START Working data

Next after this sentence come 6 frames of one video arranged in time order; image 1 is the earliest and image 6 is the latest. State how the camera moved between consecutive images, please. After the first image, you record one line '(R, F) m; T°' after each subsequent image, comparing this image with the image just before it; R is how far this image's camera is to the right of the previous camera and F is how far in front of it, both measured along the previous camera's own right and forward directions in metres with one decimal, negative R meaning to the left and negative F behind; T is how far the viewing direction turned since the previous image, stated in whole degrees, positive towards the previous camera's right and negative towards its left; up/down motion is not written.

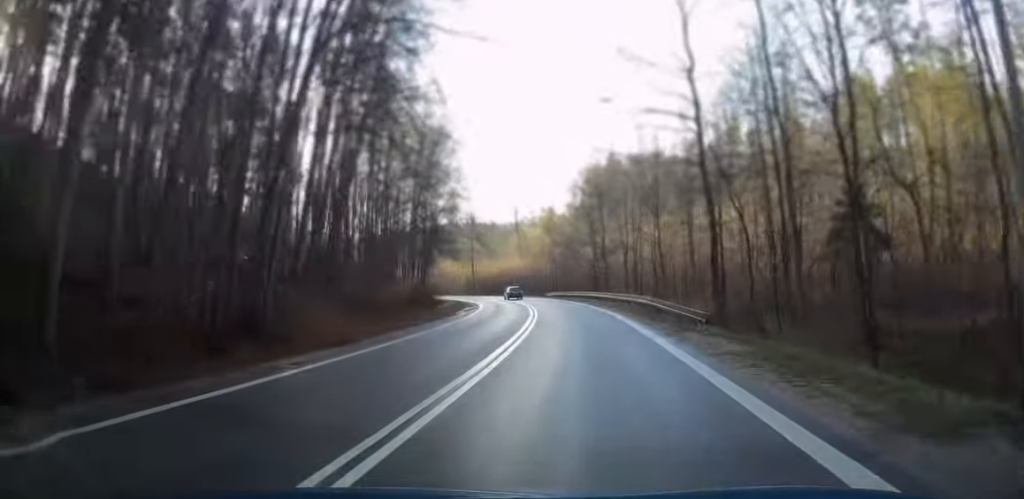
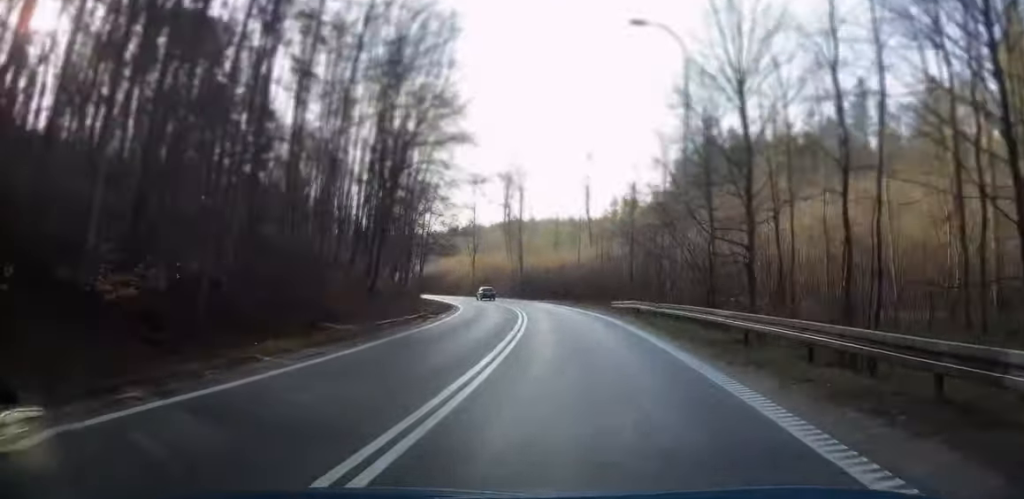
(-2.3, +40.8) m; -6°
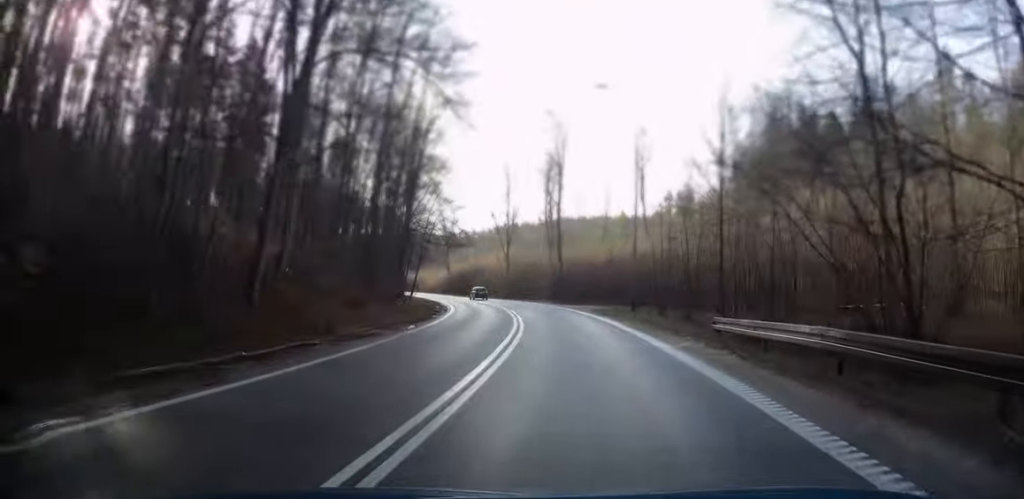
(-0.6, +20.9) m; -5°
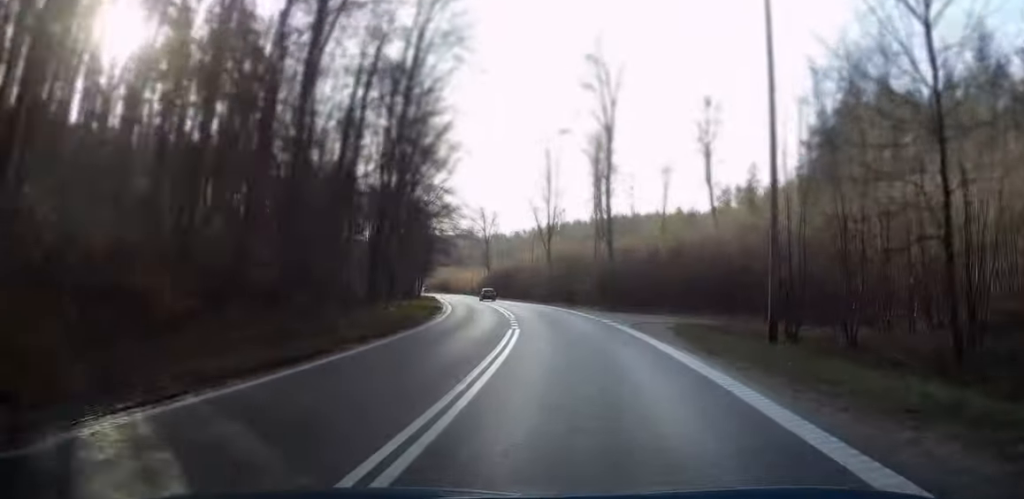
(-0.9, +18.8) m; -5°
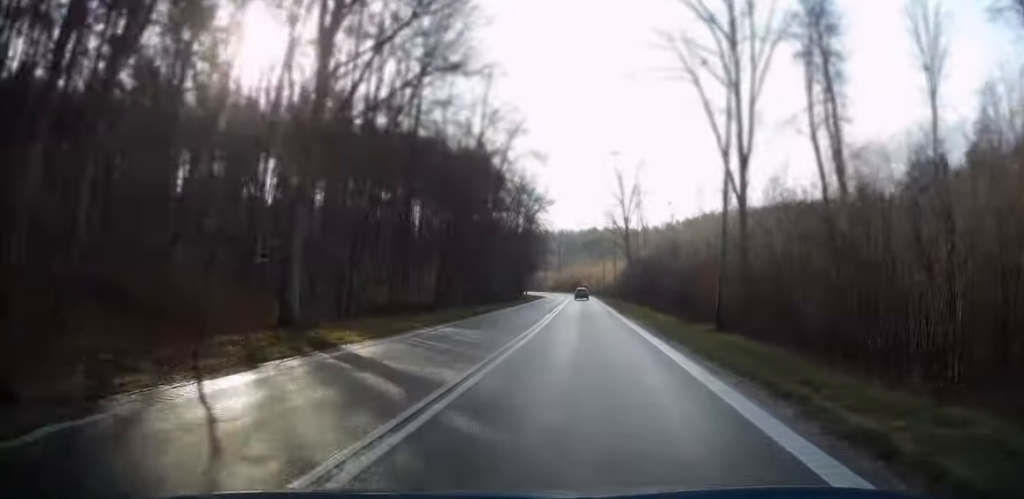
(-6.4, +53.8) m; -12°
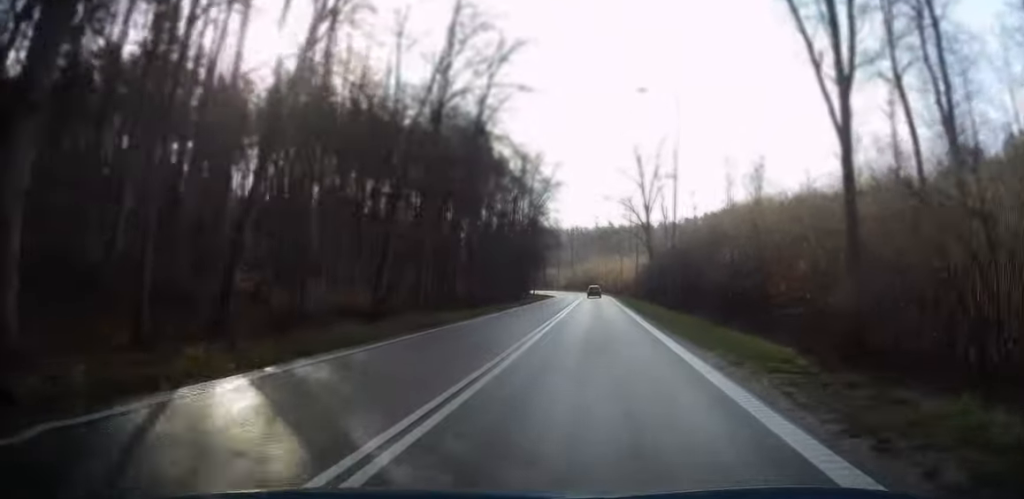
(-0.3, +15.8) m; -2°

END Working data

A faithful copy of the entries above is needed, one that contains no images.

Exercise result.
Next after this sentence come 6 frames of one video arranged in time order; image 1 is the earliest and image 6 is the latest. State how the camera moved between consecutive images, please. After the first image, you record one line '(R, F) m; T°' after each subsequent image, comparing this image with the image just before it; R is how far this image's camera is to the right of the previous camera and F is how far in front of it, both measured along the previous camera's own right and forward directions in metres with one decimal, negative R meaning to the left and negative F behind; T is how far the viewing direction turned since the previous image, stated in whole degrees, positive towards the previous camera's right and negative towards its left; up/down motion is not written.

(-2.3, +40.8) m; -6°
(-0.6, +20.9) m; -5°
(-0.9, +18.8) m; -5°
(-6.4, +53.8) m; -12°
(-0.3, +15.8) m; -2°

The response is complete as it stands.